### RECORDS:
↓↓↓
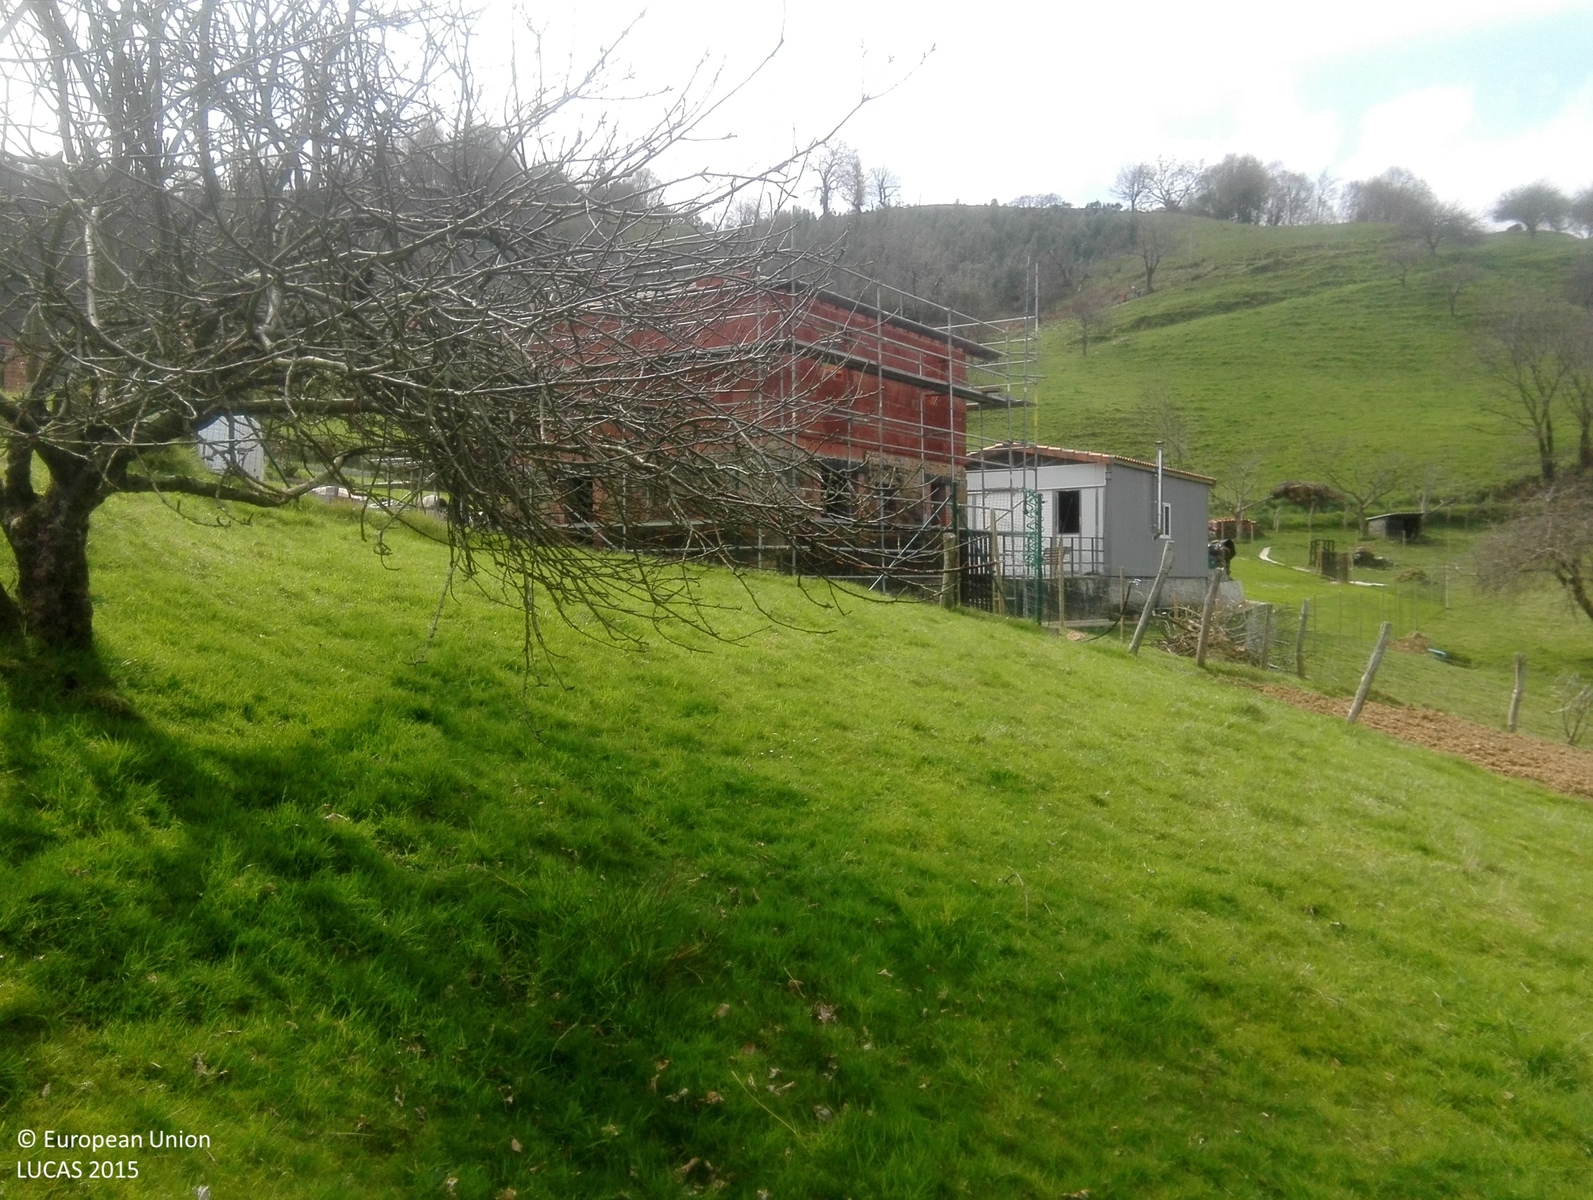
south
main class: Cropland
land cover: Apple fruit
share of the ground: 50 - 75 %
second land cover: Grassland without tree/shrub cover
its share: > 75 %
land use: Agriculture (excluding fallow land and kitchen gardens)
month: April
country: ES
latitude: 43.4667
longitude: -5.6465
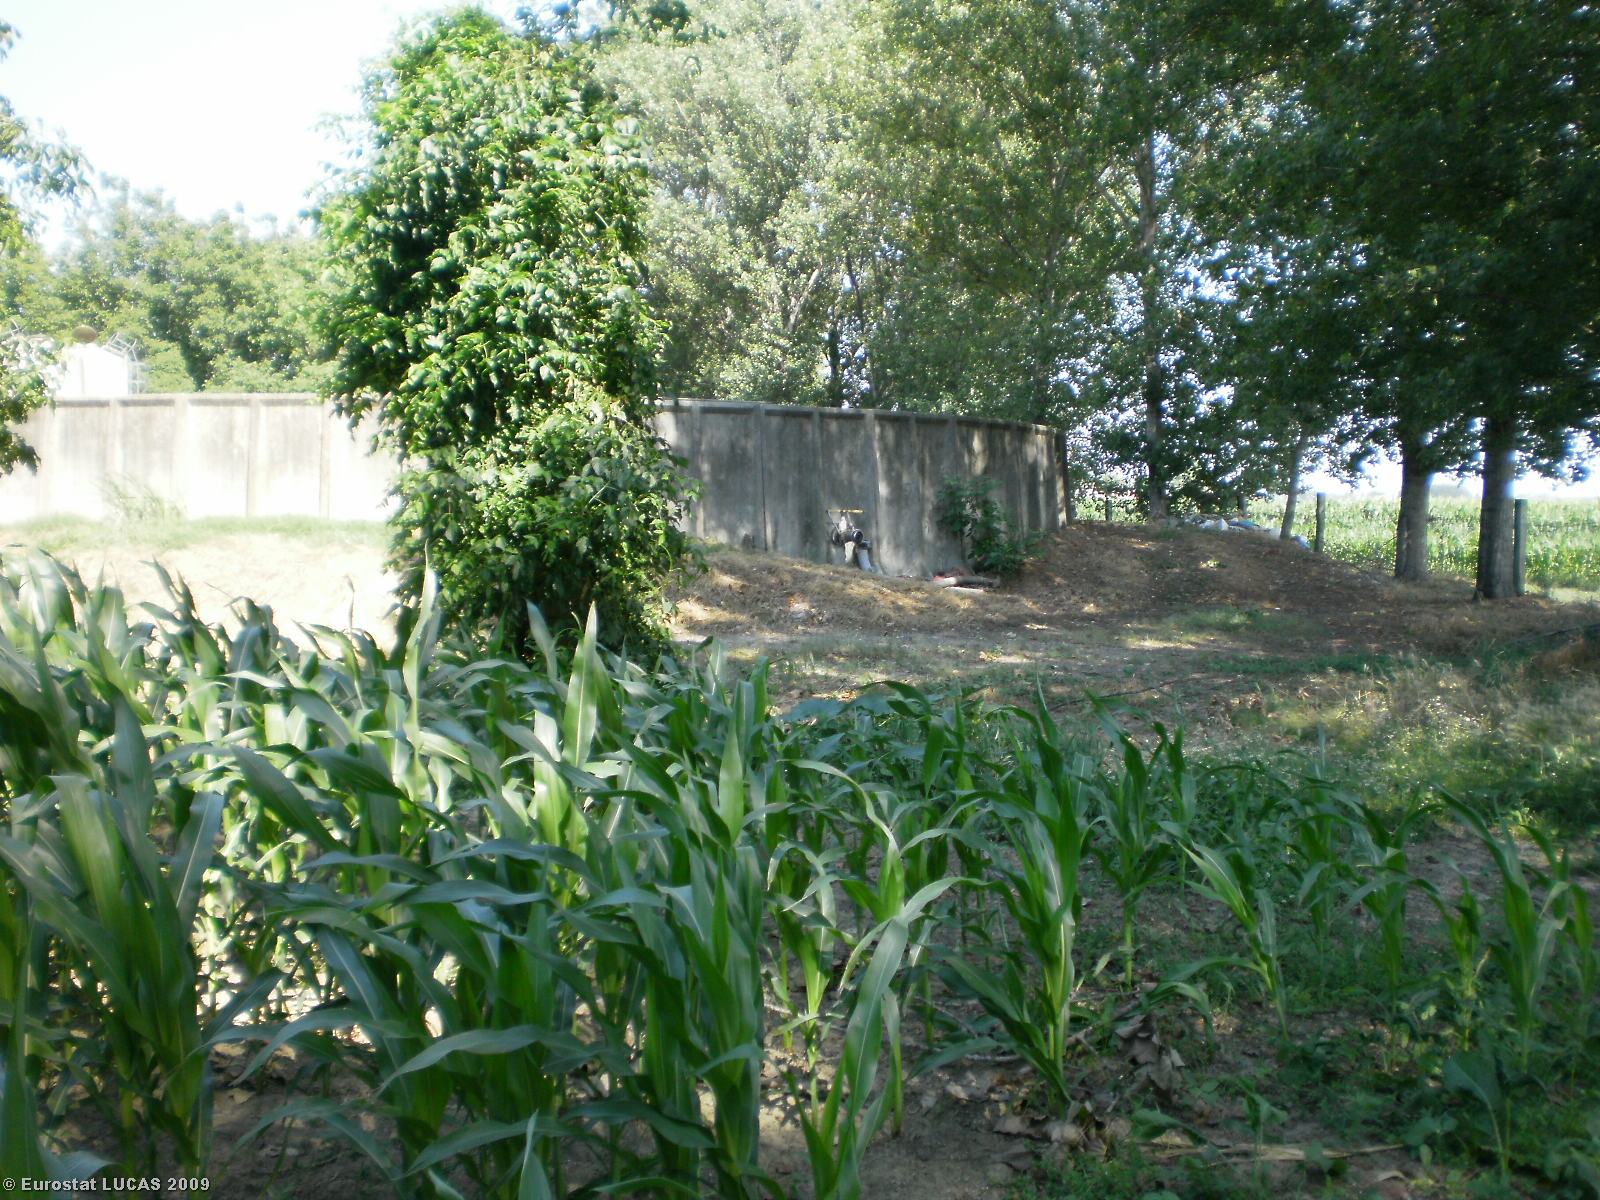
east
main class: Cropland
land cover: Maize
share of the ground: > 75 %
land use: Agriculture (excluding fallow land and kitchen gardens)
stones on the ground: < 10 %
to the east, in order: Maize; Broadleaved woodland; Artificial constructions in urban areas; Broadleaved woodland; Artificial constructions in urban areas; Sugar beet; Grass margins; Ditches and canals; Grass margins; Maize; Electric lines; Maize
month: June
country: IT
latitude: 45.0172
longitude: 10.3166
↑↑↑
### TASK PROMPT:
The answer should consist of every line above, exact and free of images.

### REPLY:
south
main class: Cropland
land cover: Apple fruit
share of the ground: 50 - 75 %
second land cover: Grassland without tree/shrub cover
its share: > 75 %
land use: Agriculture (excluding fallow land and kitchen gardens)
month: April
country: ES
latitude: 43.4667
longitude: -5.6465
east
main class: Cropland
land cover: Maize
share of the ground: > 75 %
land use: Agriculture (excluding fallow land and kitchen gardens)
stones on the ground: < 10 %
to the east, in order: Maize; Broadleaved woodland; Artificial constructions in urban areas; Broadleaved woodland; Artificial constructions in urban areas; Sugar beet; Grass margins; Ditches and canals; Grass margins; Maize; Electric lines; Maize
month: June
country: IT
latitude: 45.0172
longitude: 10.3166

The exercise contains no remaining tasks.